To meet building standards for a community hall the ELKs will soon be upgrading the old school building to include three ladies toilets along with other work. Winter gales lifted flashing on the roof leading to water damage that is covered by insurance. An application has been made for an entertainments licence because the general public will attend some events. A series of Elphin Markets are scheduled from May through to September showcasing local food and crafts. There is a Dog Show planned for May, a Music Festival in July and a Chicken Day in September.
As GSG members walked up the track to Glenbain Cottage in February they found a new track heading uphill before reaching the concrete ford over the Allt Poll an Droighinn. This led to what appears to be a building site so adding one and one and getting 11 we can only assume that George Vesty has started building his lodge.
SEPA - The Scottish Environment Protection Agency have upgraded their website to include more monitoring stations. This link shows a map of the area near Elphin, with the monitoring stations shown. Of particular interest are Elphin itself (Abhainn a' Chnocain, just south of the hut), the River Canaird at Langwell Lodge, some 9km SSW of the hut, and the River Oykel at Loch Ailsh outflow, some 5 km east of the Alt Bar.
Together with the Ardmair Point weather station: http://ardmair.com/weather/Ardmair-Point.htm a fair idea of the water conditions in Assynt is possible. As well as the Norwegian forecast for Elphin, the Weather Online 'expert' charts give a good forecast in terms of detail (go to www.weatheronline.co.uk, select Expert Maps then NW Europe for the subregion, and click 'loop' above the map for over two weeks of weather prediction).

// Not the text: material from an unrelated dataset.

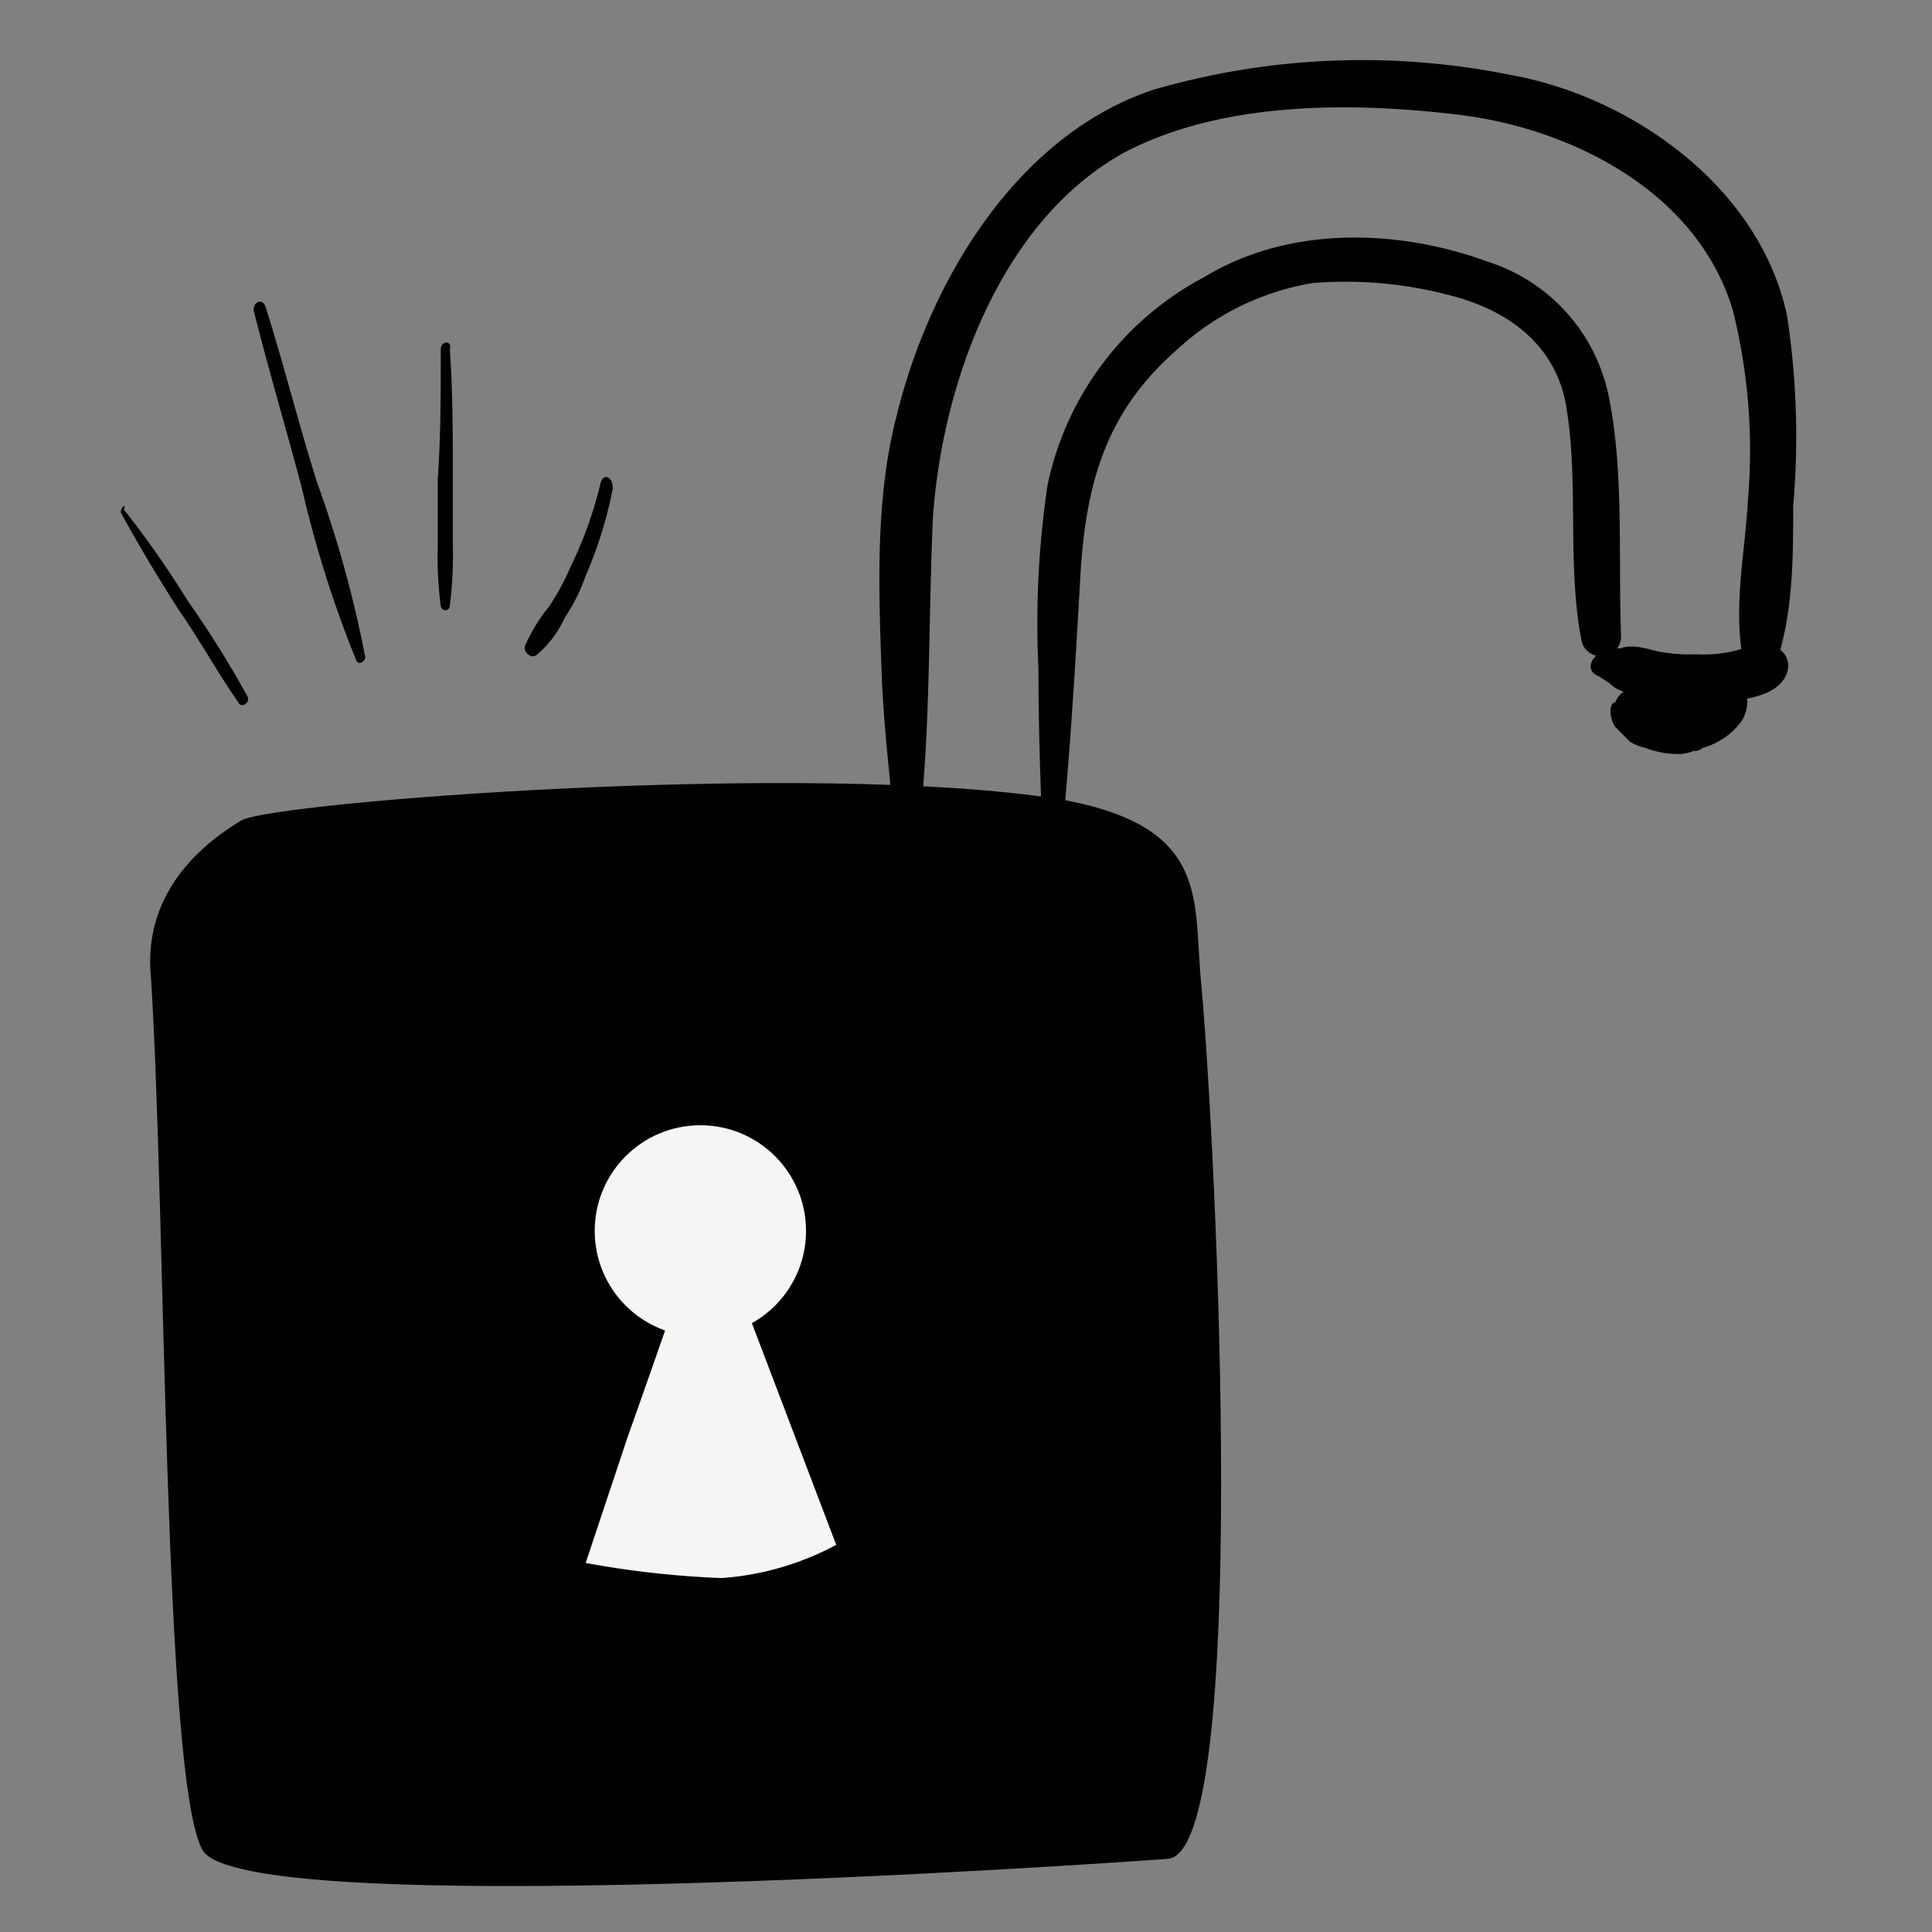 <svg xmlns="http://www.w3.org/2000/svg" width="80" height="80"><rect width="100%" height="100%" fill="#808080" stroke="none"/><g data-name="Group 29227"><g data-name="Group 29203"><path d="M6.251 40.469c.625 9.75.5 33.125 2.125 36.125s36.625.625 40 .375c3.375-.375 2-29.125 1.375-36.125-.375-3.5.5-6.625-5.875-7.75-10.25-1.625-32.625.125-33.875.875s-4.125 2.75-3.75 6.5Z" data-name="Path 22896"/><g data-name="Group 29193"><g data-name="Group 29186"><g data-name="Group 29185"><path d="M37.752 39.094c.125-3 .5-6 .625-9 .125-2.875.125-5.75.25-8.625.375-5.5 2.75-12.25 7.875-15.125 4-2.125 9.25-2.125 13.625-1.625 4.75.5 10.125 3.125 11.625 8.125a24.011 24.011 0 0 1 .625 7.875c-.125 2.375-.75 5 0 7.375.125.375.75.5.875.125 1-2.25 1-4.875 1-7.25a33.242 33.242 0 0 0-.25-7.875c-1.125-5.375-6.5-9.125-11.5-10a31 31 0 0 0-14.75.625c-5.625 1.875-9.25 7.875-10.625 13.5-.875 3.375-.75 7-.625 10.5.125 3.875.875 7.75.75 11.5 0 .25.5.25.5-.125Z" data-name="Path 22897"/></g></g><g data-name="Group 29188"><g data-name="Group 29187"><path d="M43.751 36.718c.5-4.375.75-8.75 1-13.125.25-3.75 1.125-6.625 4-9.125a10.852 10.852 0 0 1 5.625-2.75 16.9 16.9 0 0 1 5.625.5c2.5.625 4.5 2.125 4.875 4.75.5 3.125 0 6.5.625 9.625a.831.831 0 0 0 1.625-.25c-.125-3.25.125-6.75-.5-9.875a7.4 7.4 0 0 0-5-5.625c-3.75-1.375-8.25-1.5-11.75.625a12.661 12.661 0 0 0-6.5 8.625 38.994 38.994 0 0 0-.375 7.625c0 3 .125 5.875.25 8.875 0 .375.375.375.5.125Z" data-name="Path 22898"/></g></g><g data-name="Group 29190"><g data-name="Group 29189"><path d="M66.126 27.969c.25.125.375.25.625.375l-.25-.25c.375.625 1.125.625 1.75.75a9.715 9.715 0 0 0 2 .25 9.461 9.461 0 0 0 1.875-.125c.75-.125 1.625-.375 1.875-1.125a.838.838 0 0 0-.375-1c-.625-.5-1.25 0-1.875.125a5.6 5.6 0 0 1-1.5.125 7.127 7.127 0 0 1-1.625-.125c-.5-.125-1.25-.375-1.75 0 .125 0 .25-.125.375-.125h-.625c-.75.25-1 .875-.5 1.125Z" data-name="Path 22899"/></g></g><g data-name="Group 29192"><g data-name="Group 29191"><path d="m66.877 30.093.375.375.125.125.125.125a2.112 2.112 0 0 0 .625.25 3.7 3.7 0 0 0 1.25.25 1.585 1.585 0 0 0 .75-.125.459.459 0 0 0 .375-.125 2.974 2.974 0 0 0 1.625-1.125 1.511 1.511 0 0 0-.125-1.75 1.74 1.74 0 0 0-1.75-.625.948.948 0 0 0-.5.25c.125 0 .25-.125.375-.125-.125.125-.375.125-.5.25l-.125.125c-.125.125-.25.125-.375.25.125 0 .25-.125.375-.125l-1.125.375c-.125 0-.375-.125-.5 0a.99.99 0 0 0-1 .625c-.25 0-.25.625 0 1Z" data-name="Path 22900"/></g></g></g><g fill="#f6f5f4" data-name="Group 29194" transform="translate(24.251 46.594)"><circle cx="4.375" cy="4.375" r="4.375" data-name="Ellipse 6" transform="translate(.375)"/><path d="M4.125 6c-.125.5-1.75 5.125-2.375 6.875L0 18.125a39.253 39.253 0 0 0 5.625.625 11.774 11.774 0 0 0 4.75-1.375L6 5.875Z" data-name="Path 22901"/></g><g data-name="Group 29196"><g data-name="Group 29195"><path d="M5.001 21.218c.75 1.375 1.5 2.625 2.375 4 .875 1.25 1.625 2.625 2.5 3.875.125.25.5 0 .375-.25a43.088 43.088 0 0 0-2.5-4 40.152 40.152 0 0 0-2.625-3.75c.125-.25-.125-.125-.125.125Z" data-name="Path 22902"/></g></g><g data-name="Group 29198"><g data-name="Group 29197"><path d="M10.501 12.843c.625 2.5 1.375 5 2 7.375a47.159 47.159 0 0 0 2.25 7.125c.125.25.375 0 .375-.125a47.838 47.838 0 0 0-2-7.25c-.75-2.375-1.375-4.875-2.125-7.25-.125-.375-.5-.25-.5.125Z" data-name="Path 22903"/></g></g><g data-name="Group 29200"><g data-name="Group 29199"><path d="M18.251 14.468c0 1.75 0 3.625-.125 5.375v2.75a15.937 15.937 0 0 0 .125 2.5.188.188 0 0 0 .375 0 16.753 16.753 0 0 0 .125-2.5v-2.75c0-1.75 0-3.625-.125-5.375.125-.375-.375-.375-.375 0Z" data-name="Path 22904"/></g></g><g data-name="Group 29202"><g data-name="Group 29201"><path d="M24.876 19.969a16.644 16.644 0 0 1-1.25 3.5 10.331 10.331 0 0 1-.875 1.625 7.087 7.087 0 0 0-1 1.625c-.125.25.25.625.5.375a4.311 4.311 0 0 0 1.125-1.5 7.637 7.637 0 0 0 .875-1.75 17.461 17.461 0 0 0 1.125-3.625c0-.5-.375-.625-.5-.25Z" data-name="Path 22905"/></g></g></g></g></svg>

To see a map of UK weather stations:- www.weatherstations.co.uk/aws_map.htm This shows lots of stations only a few of which are in the north. Another site where you can type in your postcode to find the nearest weather station is:- www.wunderground.com
Thanks to Chris Chapman for those links.
A network of GPS monitoring stations set up by the UK government is recording an average of ten jamming incidents per month. The jamming affects all users in the vicinity and Ordnance Survey has been one of the victims. The report says "most jammers seem to be being used by truckers to stop 'spy-in-the-cab' tachographs working, preventing their journeys being tracked by their bosses, or by thieves stealing commercial vehicles." The GPS signal strength is very weak and easily jammed with a simple transmitter. Probably not a problem when surveying cave entrances far from the road,
The material for the exhibition and a selection of exhibits is now with Ullapool Museum for all of April. We've added more Assynt related images to it plus some for Uamh nam Fior Iongantais in Applecross. The museum will attach our images and captions to their own panels and show our exhibits including a selection of GSG publications in their display cases.
During the second half of May we'll erect the exhibition in the Elphin Community Centre. That'll span two of their Market Days and their Dog Show. It'll be squeezed into one of the upstairs rooms. so won't be in the way of other activities.